### Supplied data

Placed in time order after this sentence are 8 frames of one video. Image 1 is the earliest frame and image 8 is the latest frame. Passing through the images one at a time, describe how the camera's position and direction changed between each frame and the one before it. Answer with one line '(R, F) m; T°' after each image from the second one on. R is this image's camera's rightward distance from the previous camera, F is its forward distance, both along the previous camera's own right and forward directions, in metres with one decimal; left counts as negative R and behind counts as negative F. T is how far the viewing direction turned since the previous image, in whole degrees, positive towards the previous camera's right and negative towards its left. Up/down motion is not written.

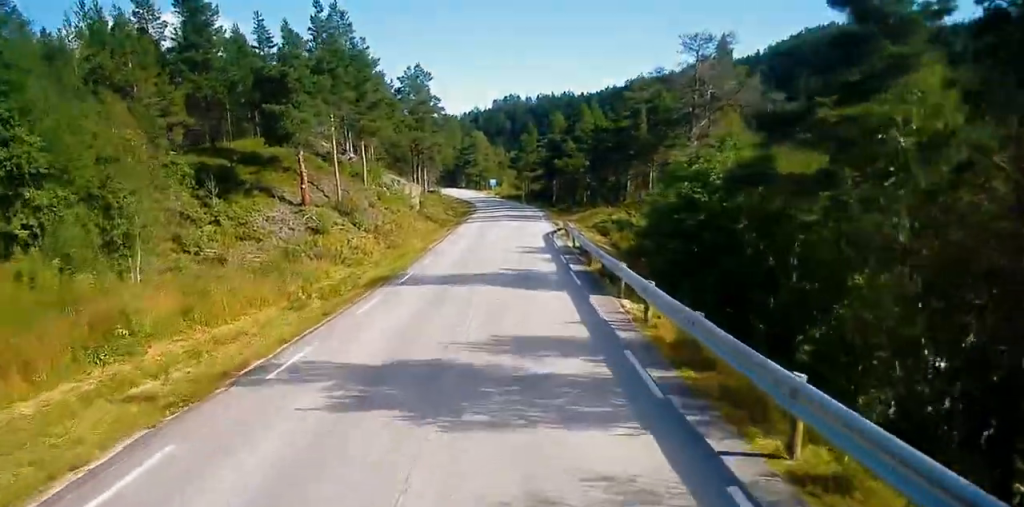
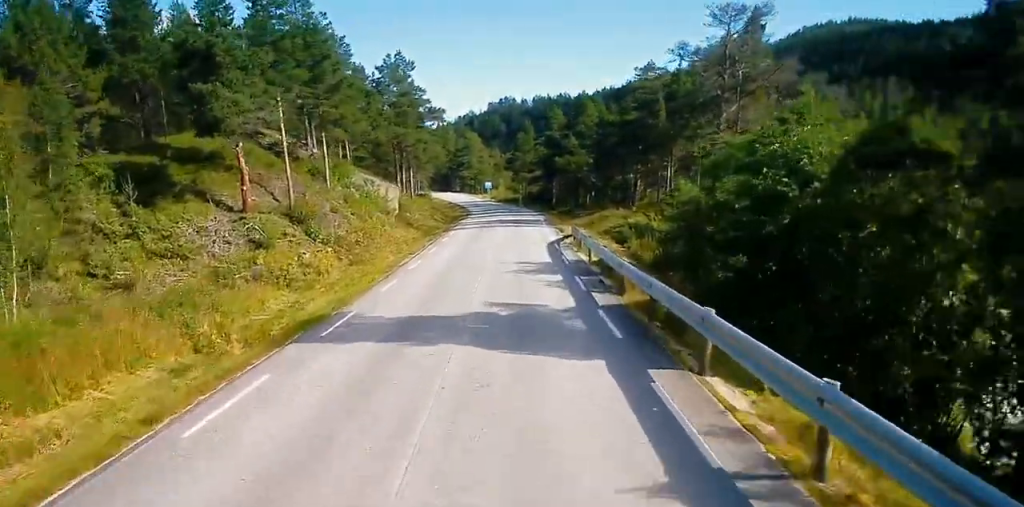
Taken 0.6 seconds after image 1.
(0.0, +8.8) m; 0°
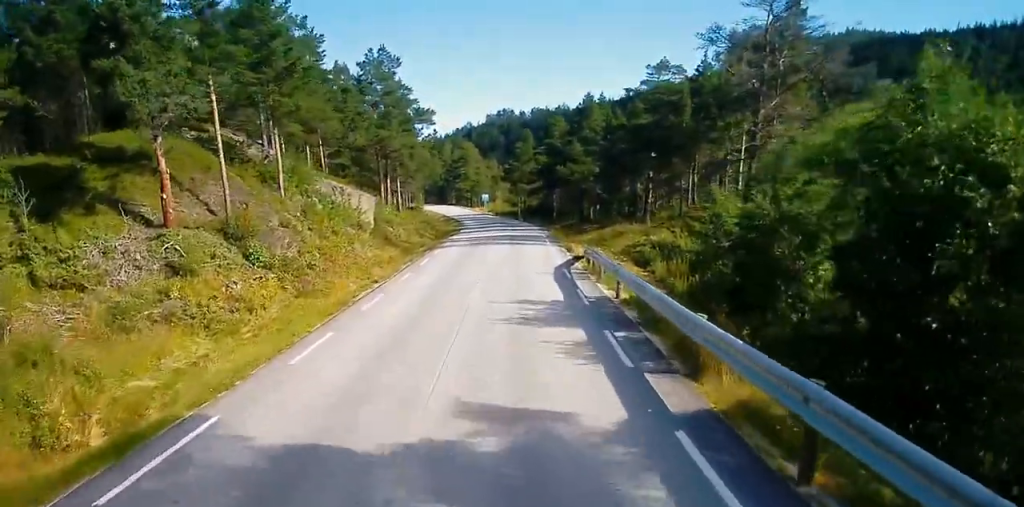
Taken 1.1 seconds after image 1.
(0.0, +7.8) m; 0°
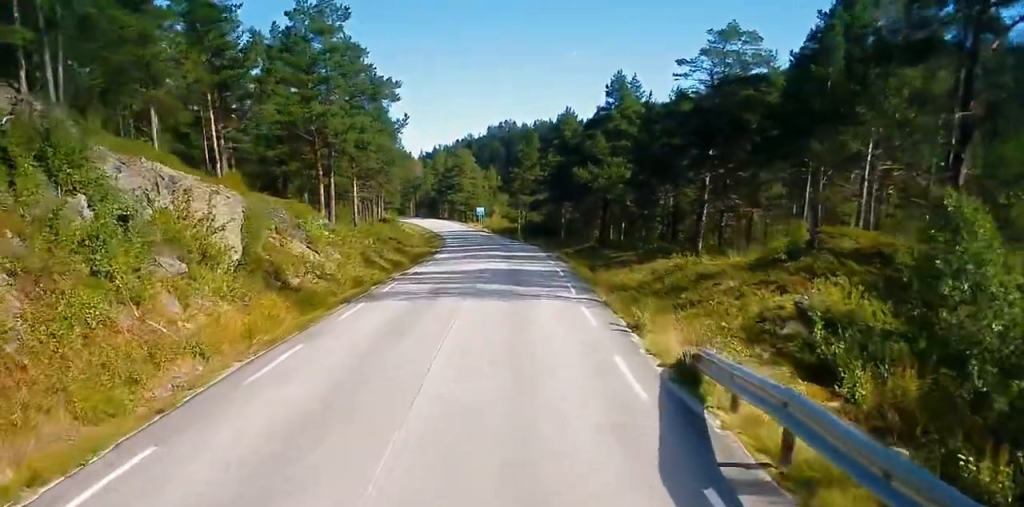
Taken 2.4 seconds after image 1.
(0.0, +19.6) m; 0°
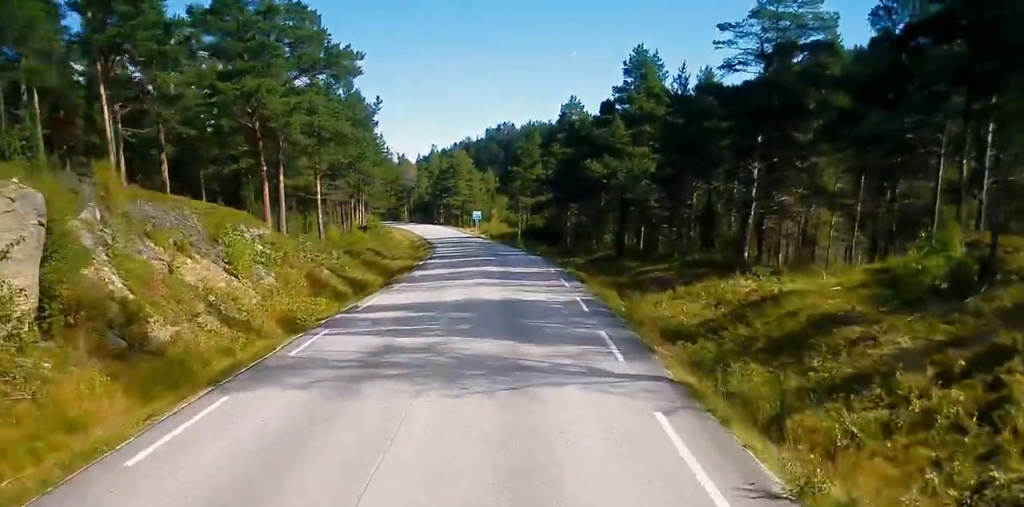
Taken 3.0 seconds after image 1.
(0.0, +9.5) m; 0°
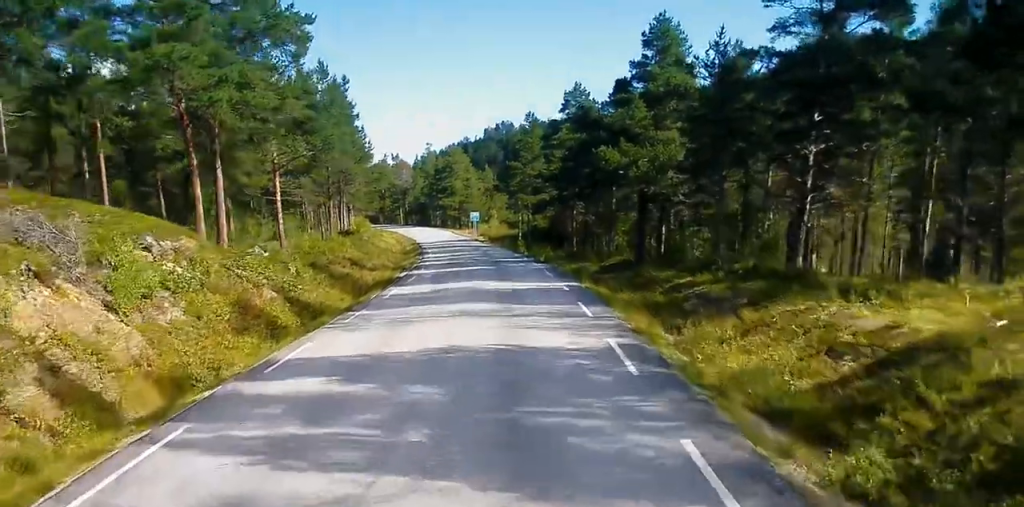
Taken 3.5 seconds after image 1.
(0.0, +7.2) m; 0°
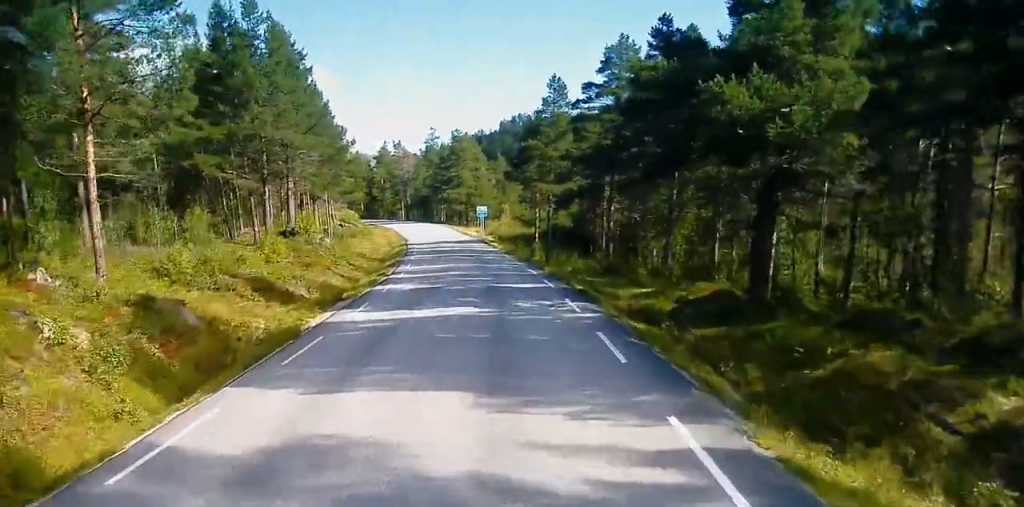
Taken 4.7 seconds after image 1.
(0.0, +17.2) m; -1°
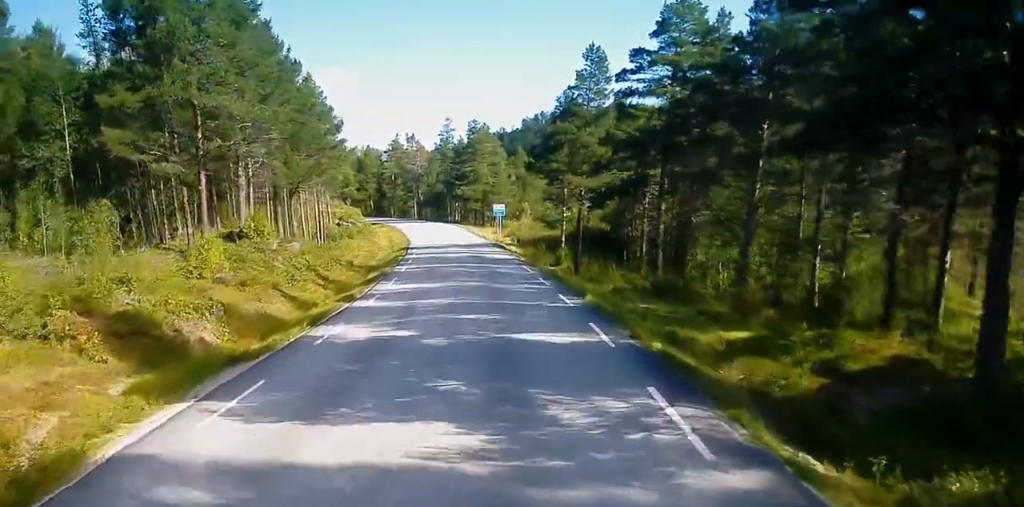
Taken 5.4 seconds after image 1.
(0.0, +10.4) m; -2°

### Instructions for the task
Every line above should be reproduced exactly, please, with no pictures included.

### Solution
Placed in time order after this sentence are 8 frames of one video. Image 1 is the earliest frame and image 8 is the latest frame. Passing through the images one at a time, describe how the camera's position and direction changed between each frame and the one before it. Answer with one line '(R, F) m; T°' after each image from the second one on. R is this image's camera's rightward distance from the previous camera, F is its forward distance, both along the previous camera's own right and forward directions, in metres with one decimal; left counts as negative R and behind counts as negative F. T is how far the viewing direction turned since the previous image, in whole degrees, positive towards the previous camera's right and negative towards its left. Up/down motion is not written.

Taken 0.6 seconds after image 1.
(0.0, +8.8) m; 0°
Taken 1.1 seconds after image 1.
(0.0, +7.8) m; 0°
Taken 2.4 seconds after image 1.
(0.0, +19.6) m; 0°
Taken 3.0 seconds after image 1.
(0.0, +9.5) m; 0°
Taken 3.5 seconds after image 1.
(0.0, +7.2) m; 0°
Taken 4.7 seconds after image 1.
(0.0, +17.2) m; -1°
Taken 5.4 seconds after image 1.
(0.0, +10.4) m; -2°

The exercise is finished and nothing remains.